The department dropped its investigation after an inspection by a DEQ employee.

“It probably would have been a good idea to do the inspection before we sent the notice,” Silfven said.
After some wrangling the agency ultimately dropped the issue, but not before Stephen Tvedten found an inventive way of quickly pointing out both how ludicrous and humorous the situation was. In a way dusty legal language never could, such a letter serves to drive home the silliness of Michigan DEQ’s intractable posturing. The beavers are likely still ignorant of how close they came to being fined $10,000 a day for dam living expenses.
tl;dr: DEQ objected to Mr. Tvedten maintaining the dams himself after the beavers had abandoned them, claiming to have inspected the dams. DQE subsequently admitted that they did not inspect the site before sending the December letter.
 
DEQ objected to his claimed maintenance of said dams, but on inspection withdrew their objection.
 
I have 4.6 acres in Alabama that I hope to sell, near a little town of about 800 people where my mother was born, my grandfather willed it to my mother and I. Had not been to it in nearly 10 years. Went back recently for various reasons. I was reviewing a Google Map Satellite view of it before I went, and saw that someone (presumably the farmer on the other side) had built a dam across a creek running on my side of the property, the backed-up water spread to the neighbor's farmland and gave THEM access to the creek's water. Rather than order them to remove it, or threaten a lawsuit, I was going to use that as a good reason why they might just want to buy the 4.6 acres of land.

So, I got there, and found the dam was busted since that Satellite pic was taken. Also someone who lives near drove by, we struck up a conversation. Turned out it was beavers who built it. The land has a right-of-way for a set of gas pipelines to go thru, underground, and under that creek. He told me that the pipeline company blew the dam up. I presume "gently" blew it up, since, uh, pipelines below (actually they might have used heavy equipment to just dig/rip it out but "blew it up" sounds better. I saw signs that some man-made equipment might have dug out along one side where the water now flows zig-zag, and some wood remained on the other side).

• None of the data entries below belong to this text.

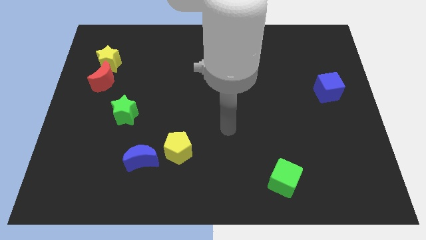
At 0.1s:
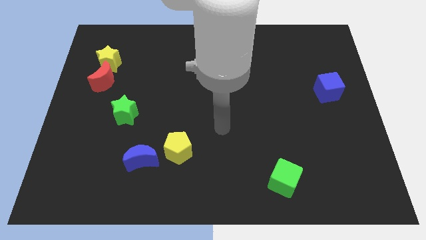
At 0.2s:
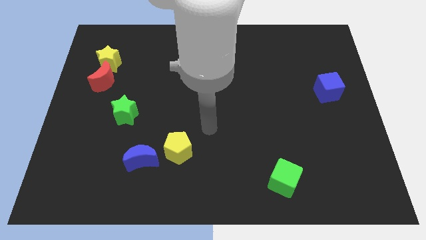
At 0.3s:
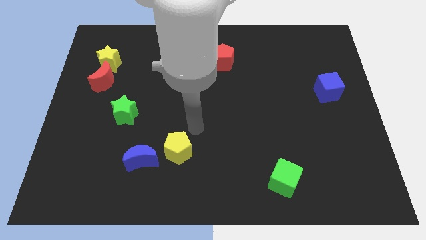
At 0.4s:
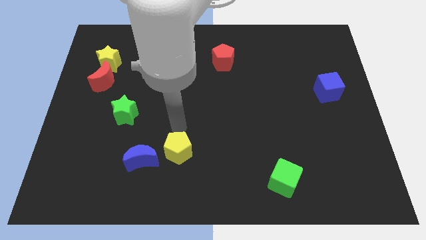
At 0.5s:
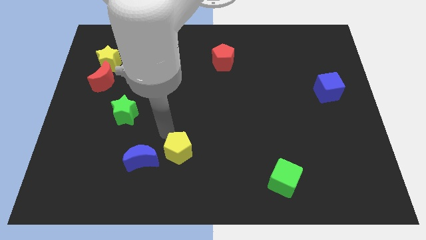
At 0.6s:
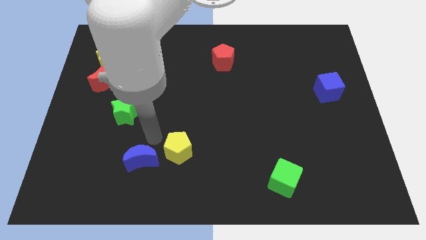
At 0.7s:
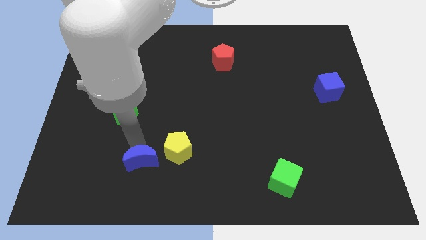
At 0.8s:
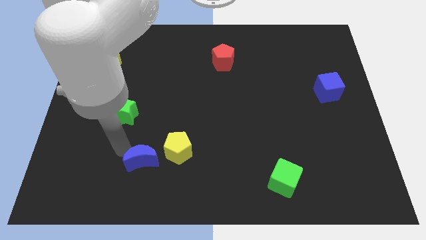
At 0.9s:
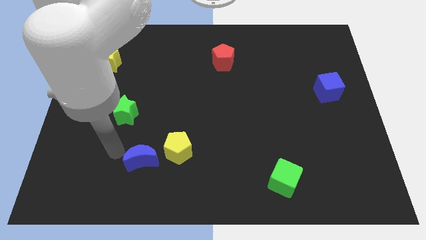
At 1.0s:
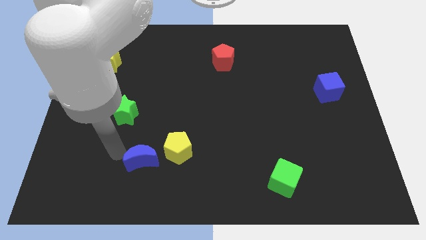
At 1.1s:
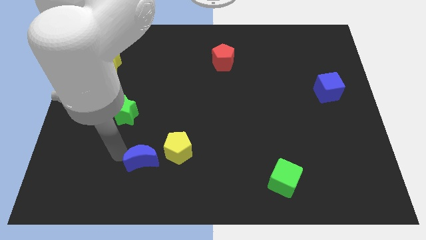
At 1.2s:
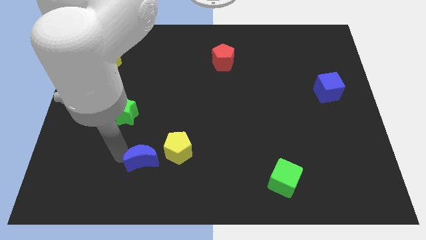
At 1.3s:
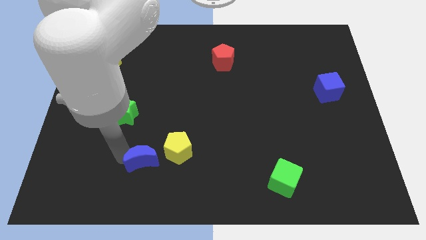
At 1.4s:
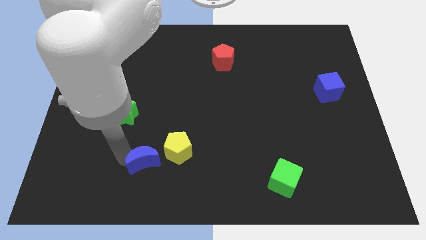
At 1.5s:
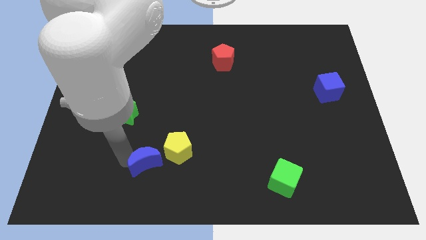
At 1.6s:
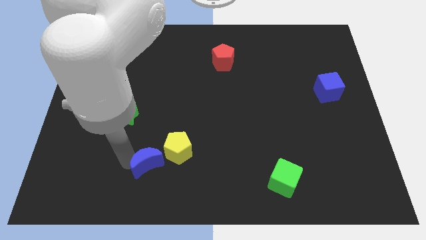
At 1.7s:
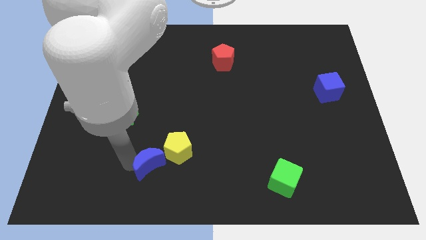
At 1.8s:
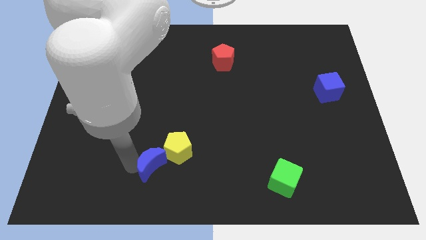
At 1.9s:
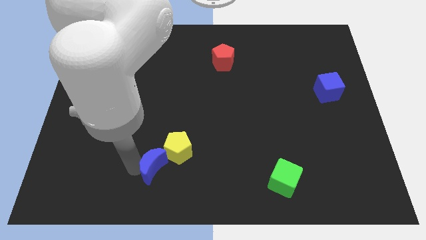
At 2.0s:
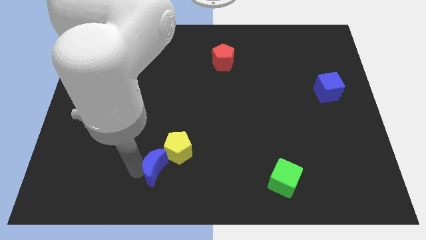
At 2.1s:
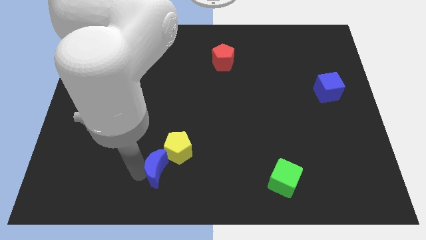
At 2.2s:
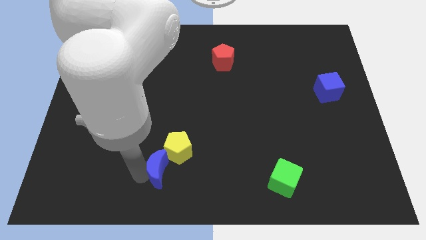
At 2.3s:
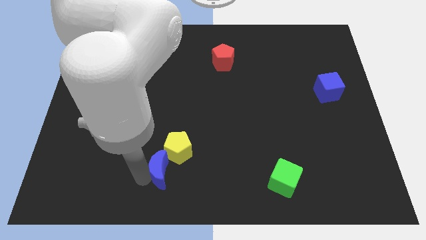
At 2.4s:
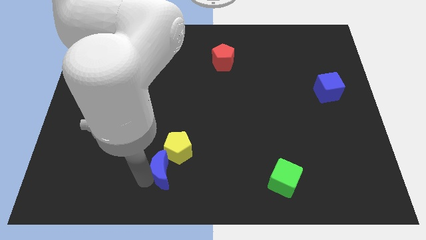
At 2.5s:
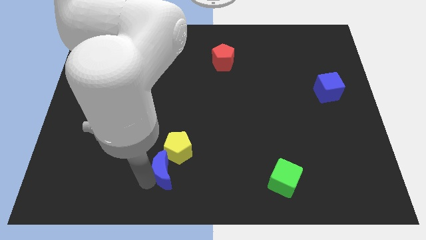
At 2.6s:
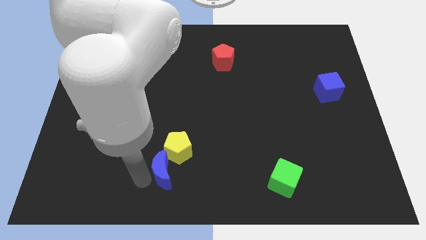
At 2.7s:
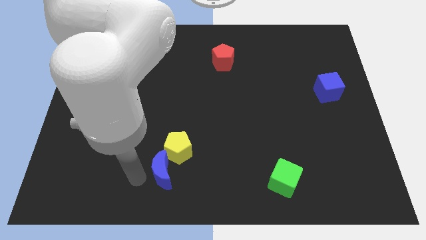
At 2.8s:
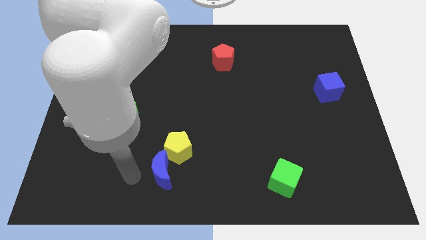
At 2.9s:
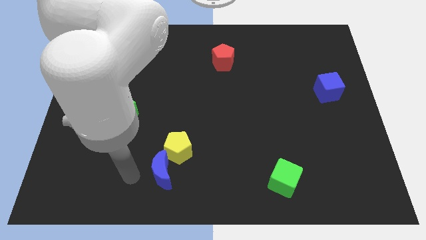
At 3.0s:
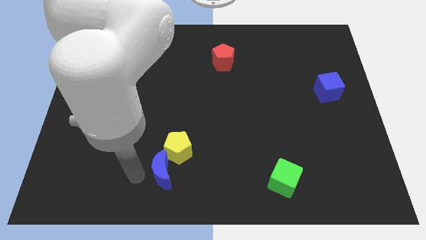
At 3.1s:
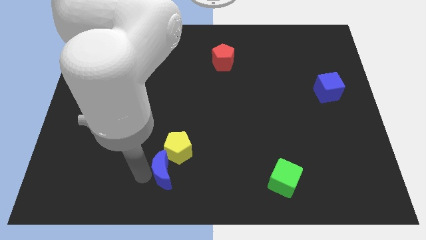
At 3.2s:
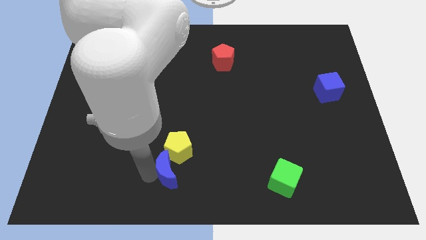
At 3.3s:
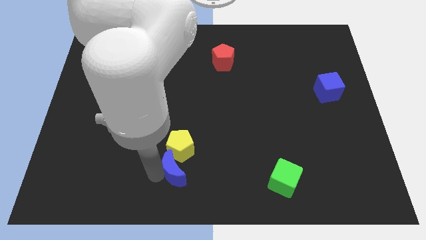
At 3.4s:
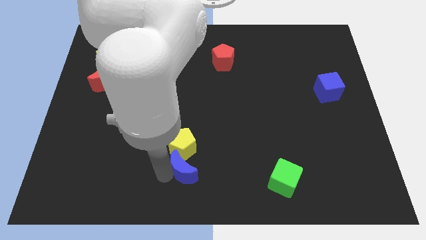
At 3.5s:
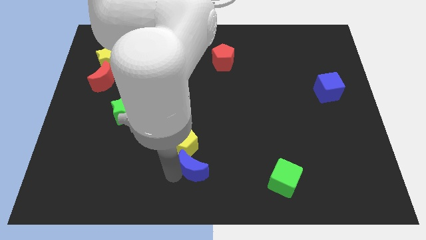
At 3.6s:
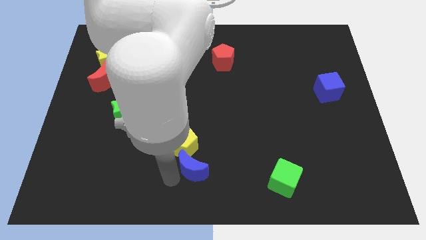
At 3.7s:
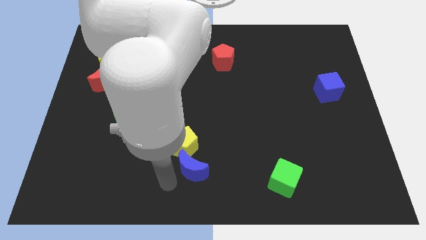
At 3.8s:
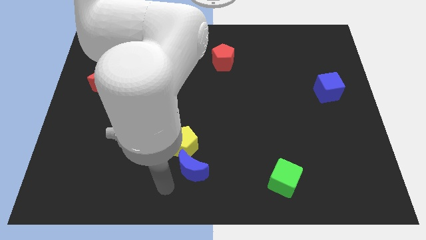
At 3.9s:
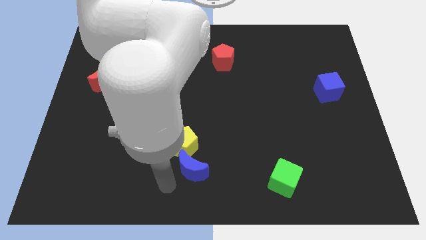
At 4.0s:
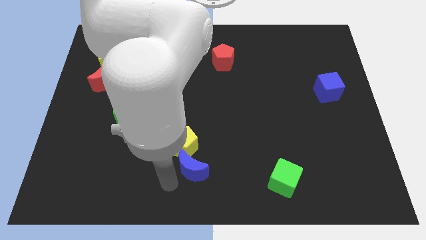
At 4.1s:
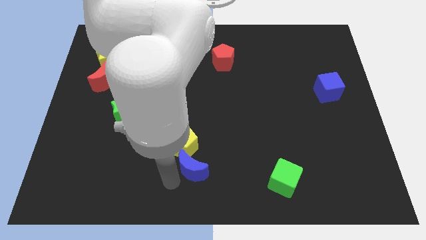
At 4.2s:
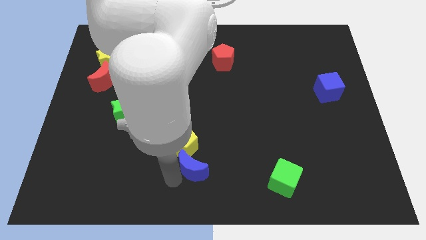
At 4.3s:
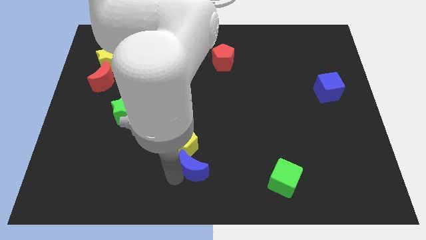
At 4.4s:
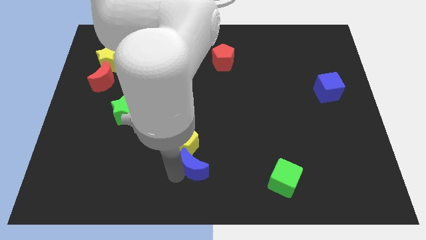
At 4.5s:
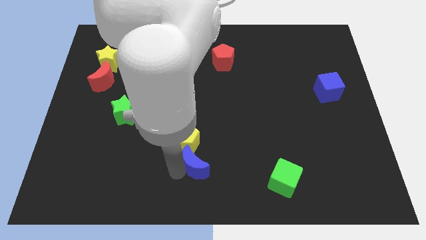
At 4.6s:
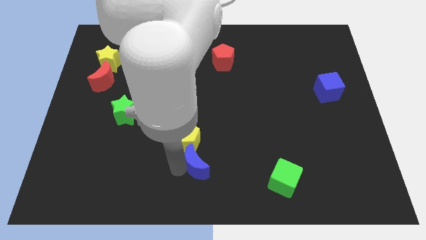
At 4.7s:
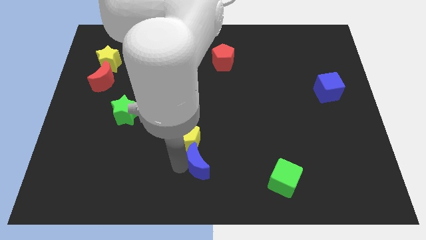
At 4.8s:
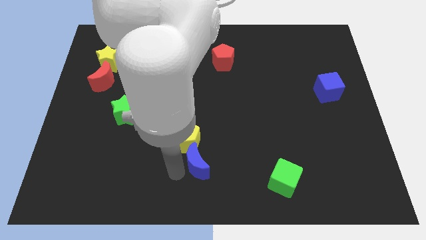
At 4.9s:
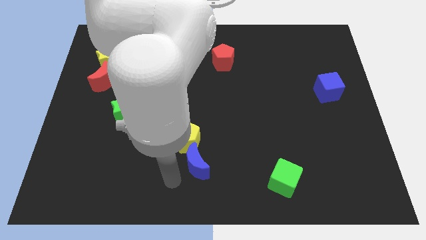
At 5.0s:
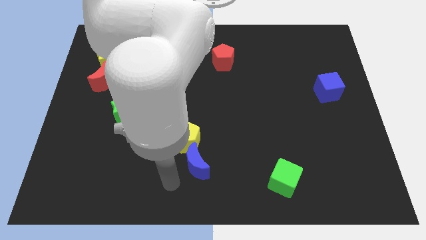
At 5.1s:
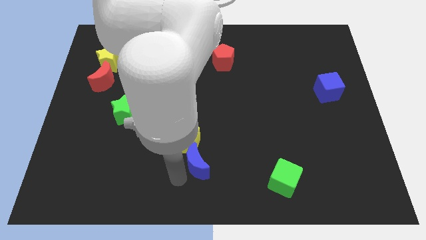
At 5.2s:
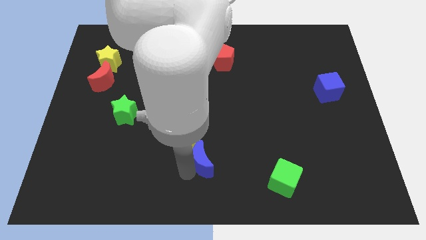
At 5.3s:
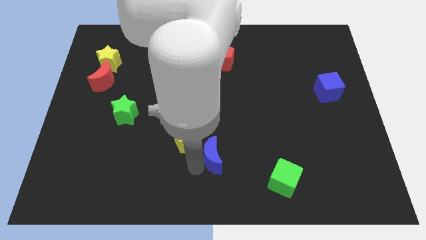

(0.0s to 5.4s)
push the blue moon to the right of the yellow pentagon

In the photo below, the creek flows from right, then away, then to the left ).
37NATCD.jpg
 
A couple of years ago an oil pipe line broke near the Willard Bay recreational reservoir here in Utah and would have done severe damage if hadn't been for the hard work of two or three beavers. As a consequence the environmental oil pollution clean-up was easier. The Utah wild life department captured the beavers and cleaned up their oil-soaked fur coats. After several months of rehabilitation the beavers were put back to work in the wild building their dam. Good little Beavers!